Isak datang dengan Davis. Ia melihat Siwa dan Jum di depan ruang oprasi. "Bagaimana bisa? Bukannya masih dua minggu lagi?"
"Tadi saya pulang, Nyonya Muda duduk lemas di ruang tamu"
"Tadi sebelumnya ada tamu wanita yang menemui Bu bos, dan saya mendengar suara ribut-ribut sebentar,"
"Siapa tamu wanita itu?" Isak menatap Jum intens.
"Saya dengar Bu bos menyebut sela atau dila atau kila" jawabnya.
"Kila?" Doroty yang langsung ke rumah sakit tanpa pulang dulu itu menyela.
"Ah Jum ingat tamunya Bu bos bilang kalau dia cucu yang mau menginap di rumah eyangnya, Tapi Bu bos langsung melarangnya.
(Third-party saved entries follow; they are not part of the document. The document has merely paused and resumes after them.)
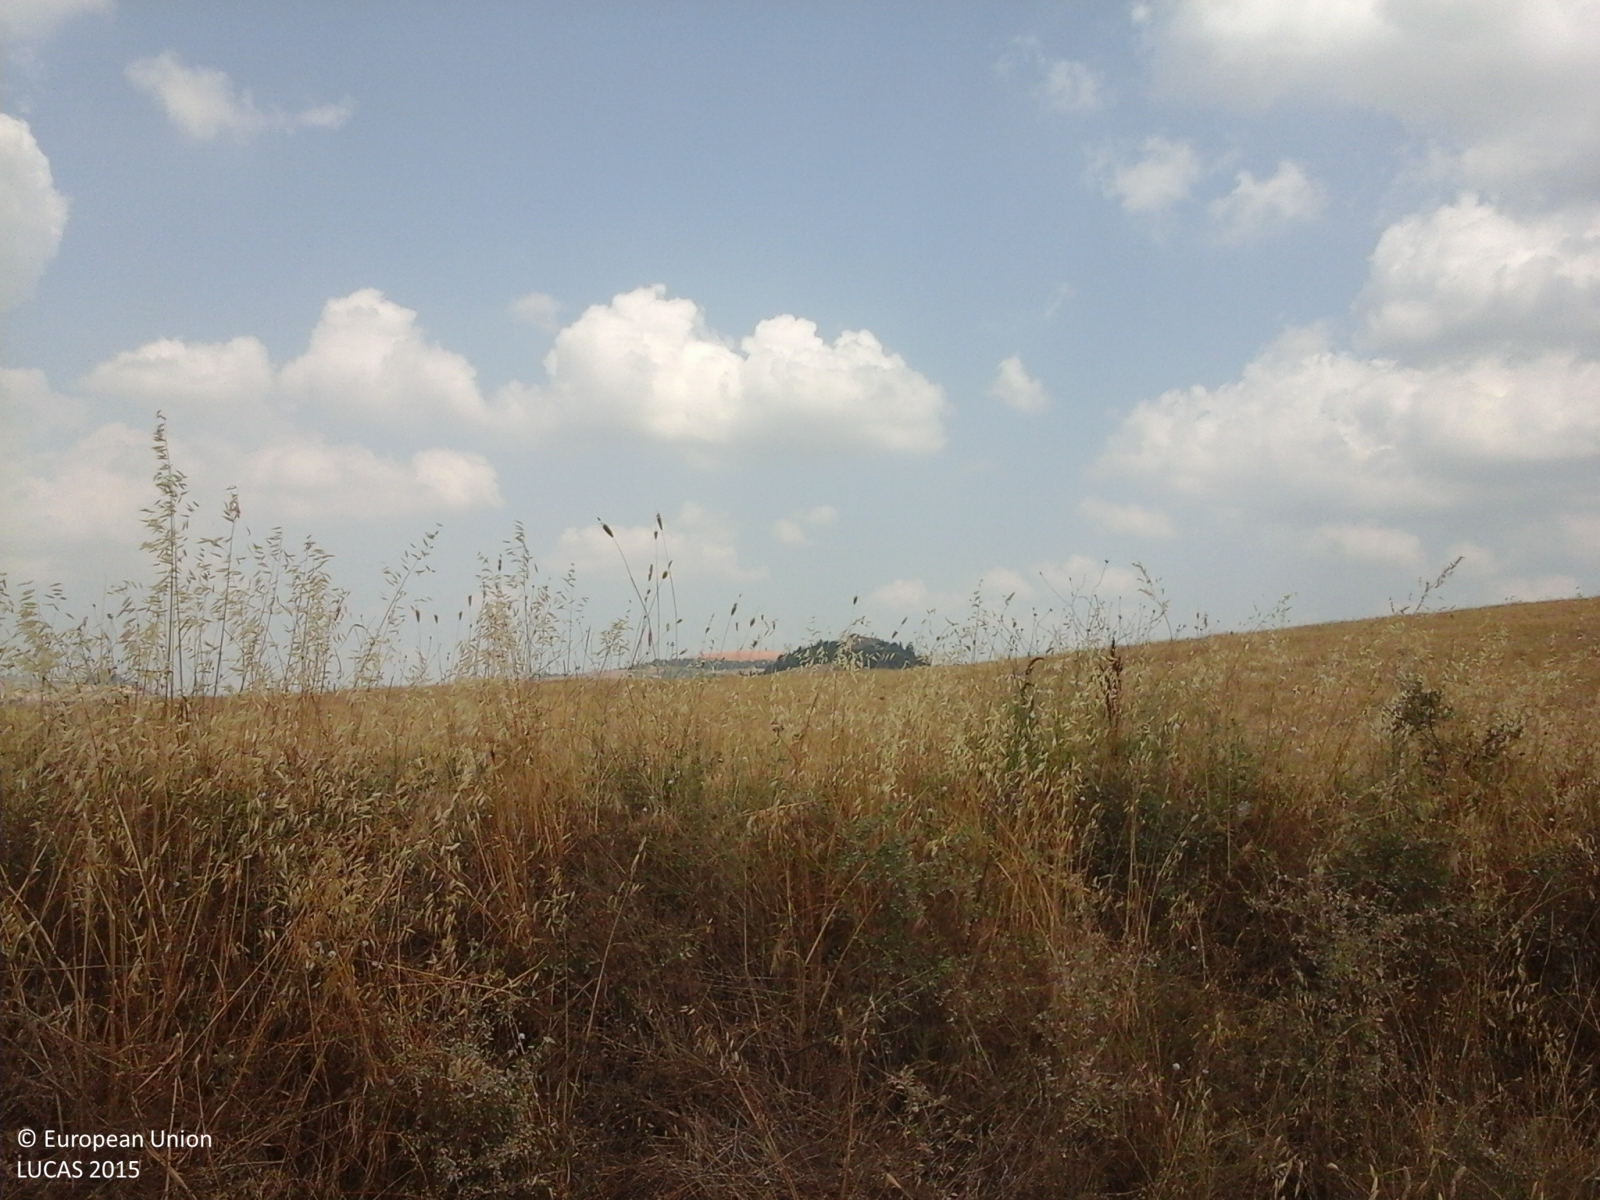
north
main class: Cropland
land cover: Temporary grasslands
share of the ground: > 75 %
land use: Agriculture (excluding fallow land and kitchen gardens)
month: July
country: IT
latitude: 43.3542
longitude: 10.8981
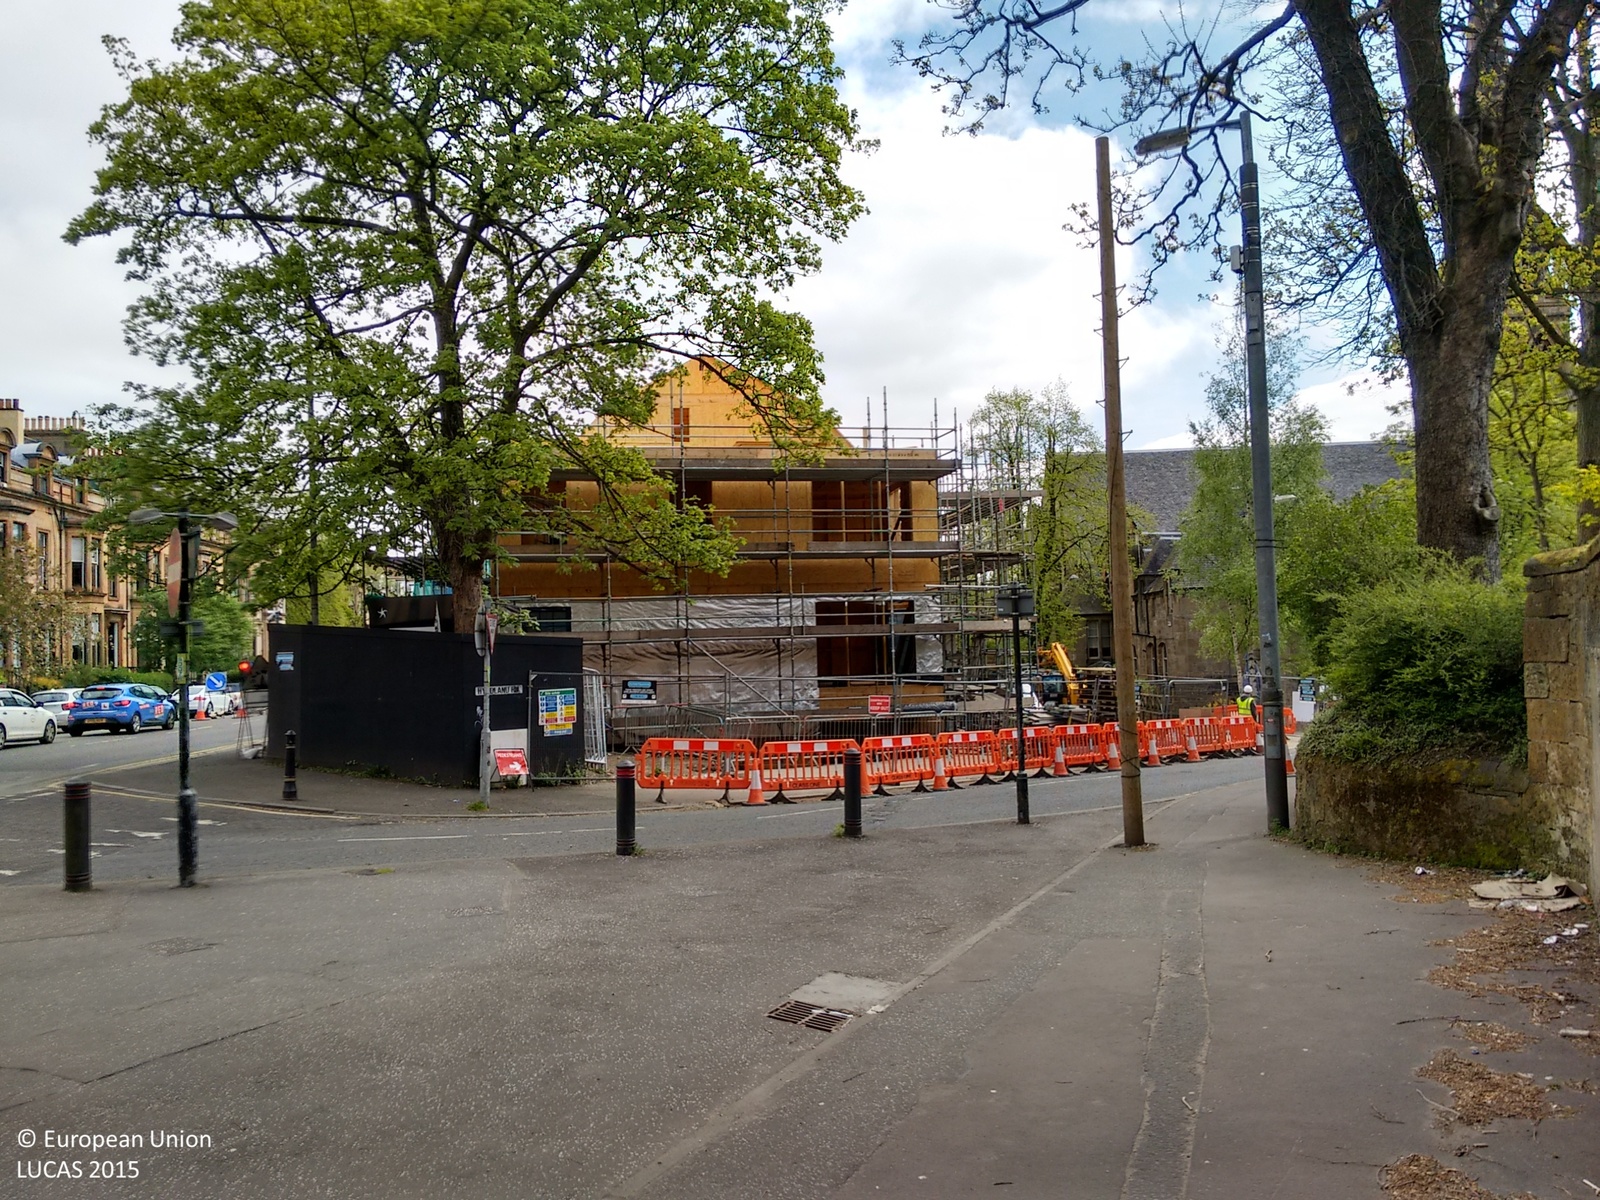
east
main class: Woodland
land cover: Broadleaved woodland
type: exotic forest
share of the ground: > 75 %
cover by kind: broadleaved forest trees 100 %
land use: Residential
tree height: > 5 m
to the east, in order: Broadleaved woodland; Artificial constructions in urban areas
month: May
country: GB
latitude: 55.8746
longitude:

Diusir dan tunggu eyang Doroty pulang"
"Kila!" Doroty langsung menyentakkan dagunya pada Herman yang menunduk dan Siwa mengikuti Herman. Terlihat Doroty yang murka.
"Pak kita akan kemana?" Siwa menanyai Herman.
"Ya pasti mencari keberadaan bocah merepotkan itu. Lacak mereka" Siwa hanya menjalankan perintah tanpa banyak tanya lagi.
Herman memang menanamkan pelacak pada semua ponsel anggota keluarga Doroty. Berkecimpung didunia bisnis yang banyak persaingan, mau sehat maupun tidak sehat. Membuat sosok nenek tua itu melindungi keluarganya dengan cara ini.
Namun ia kecolongan tentang Raka. Dengan perkawinan diam-diam cucunya itu. Ia masih bisa memaafkan saat cucunya itu sudah mendaftarkan pernikahannya di KUA.
Ia akan sangat murka jika cucunya itu mempermainkan pernikahan hanya untuk membalas dendam.
"Yang Bu bos sangat tenang, saya takut Yang" ucap Jum.
"Kita berdoa yang terbaik untuk Rena, di dalam sana" ucap Doroty. Jum mengangguk.
Doroty menghampiri dua pemuda yang juga ikut menunggu, "Kalian tahu dimana Raka?" Tanya Doroty.
"Saya sudah menghubunginya namun ponselnya tidak bisa tersambung" Isak sedari tadi berkutat dengan ponselnya.
Setelah beberapa jam lampu operasi mati, tak lama pintu ruang operasi terbuka memunculkan dokter dan susternya.
"Bayi sehat, lelaki, namun ibu sang bayi masih dalam pantauan."
"Cucu saya kenapa dok? Apa ada masalah?" Cemas Doroty.
"Kita lihat dulu perkembangannya ya bu, dan pasien akan tetap di icu selama kami pantau"
"Jadi dengan kata lain adik saya koma dok?"
"Kemungkinan, kami juga butuh doa dari keluarga, saya permisi dulu" Dua suster keluar dari ruang persalinan, membawa kasur bayi yang didorong menuju ruang bayi.
Doroty mengikutinya. "Suster dia cicit saya, ya? Apa saya bisa menggendongnya?"
"Nanti ya bu, setelah kami siapkan" ucap salah satu susternya dan membawa pergi anak Rena, terlihat merah.
"Cicitku,"
__ADS_1
"Eyang duduk dulu, katanya baru pulang dari luar kota." Doroty mengangguk, Isak mendudukan Doroty pada kursi kayu panjang didepan ruangan Rena.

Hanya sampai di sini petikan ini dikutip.